DATA SHOWN —
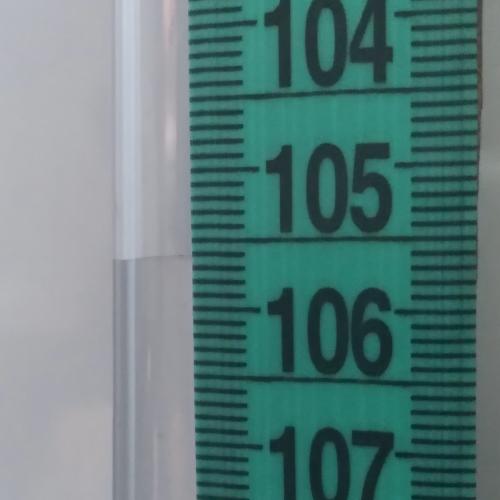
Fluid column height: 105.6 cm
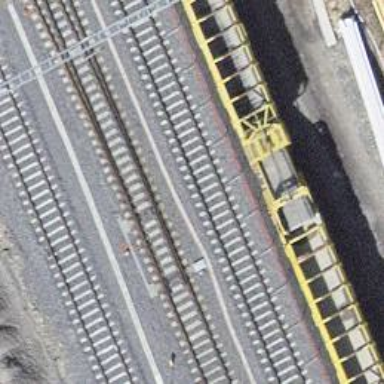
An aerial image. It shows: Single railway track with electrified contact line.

...

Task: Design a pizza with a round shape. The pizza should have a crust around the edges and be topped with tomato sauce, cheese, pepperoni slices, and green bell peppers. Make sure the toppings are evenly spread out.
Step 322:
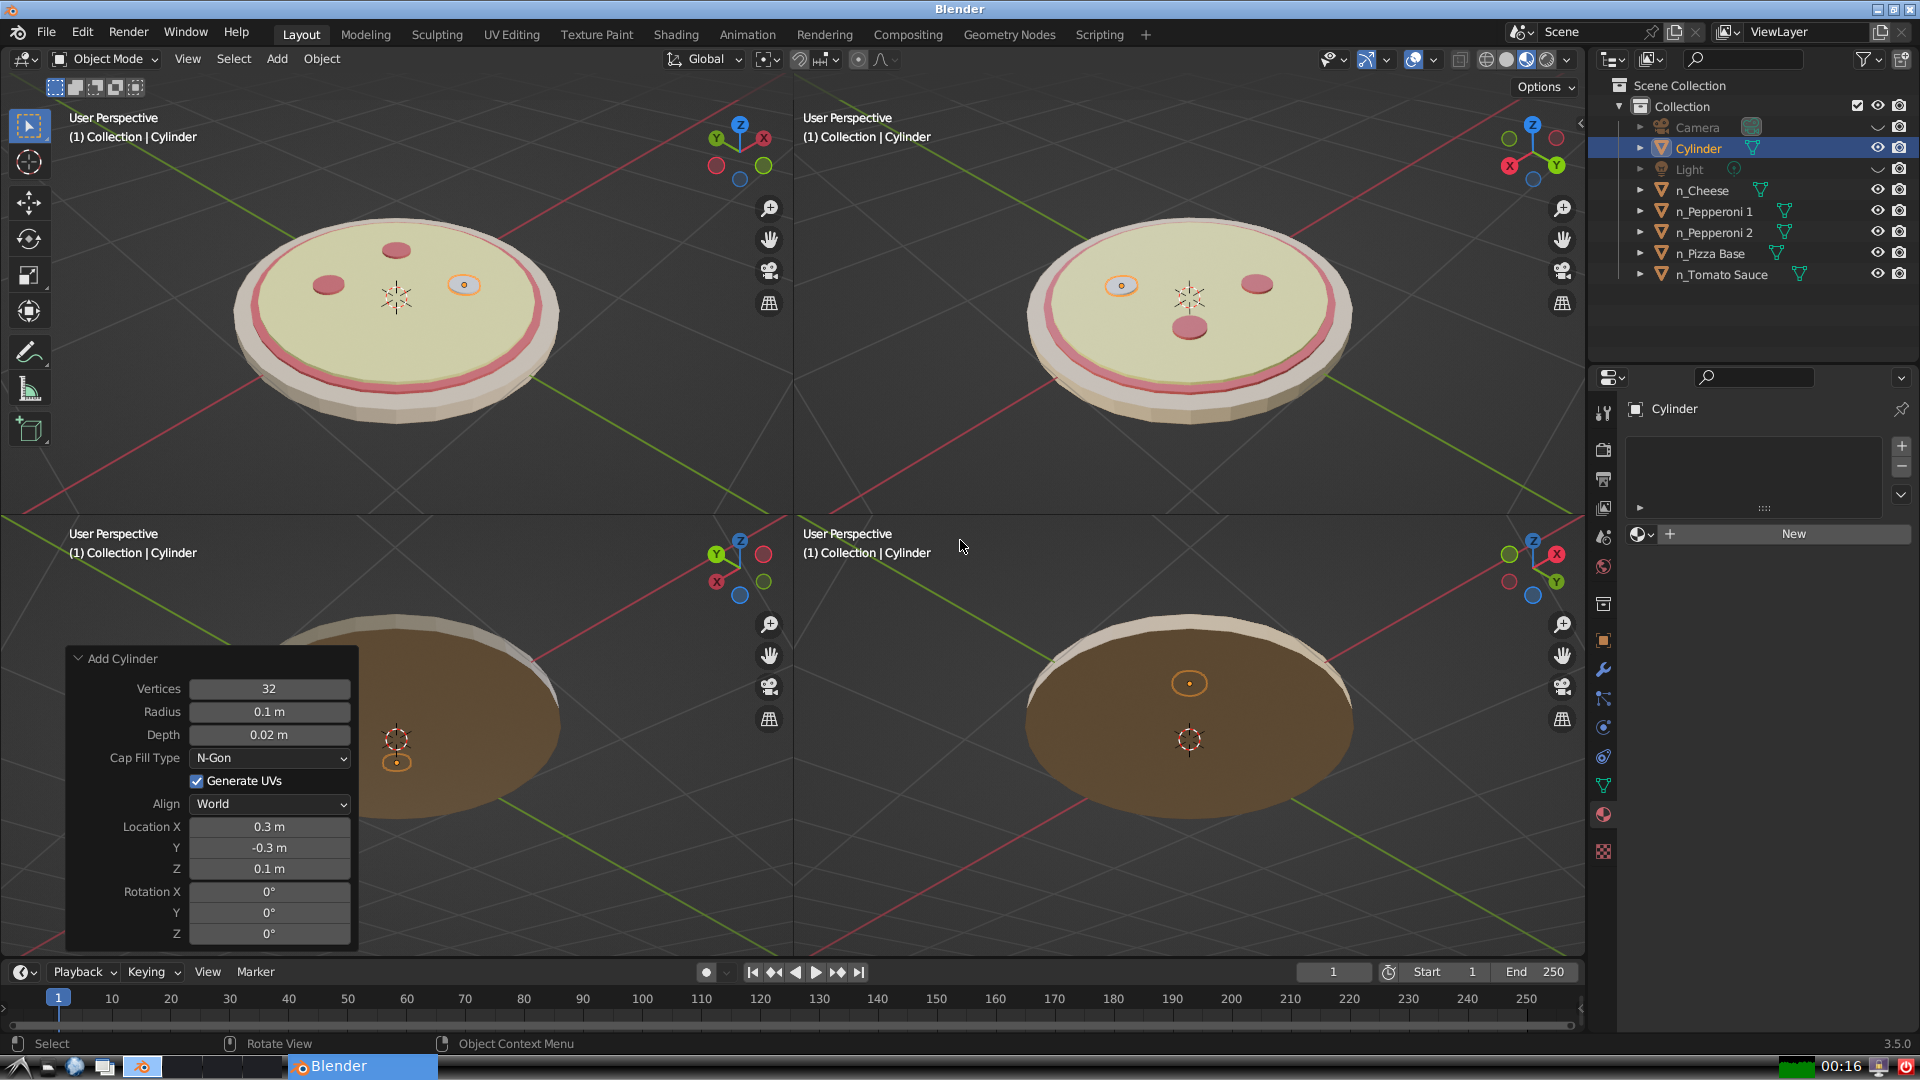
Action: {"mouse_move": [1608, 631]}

WORK ITEM — Look through the entries and return every line where "with" appears.

TASK OUTPUT —
An aerial image. It shows: Single railway track with electrified contact line.
Task: Design a pizza with a round shape. The pizza should have a crust around the edges and be topped with tomato sauce, cheese, pepperoni slices, and green bell peppers. Make sure the toppings are evenly spread out.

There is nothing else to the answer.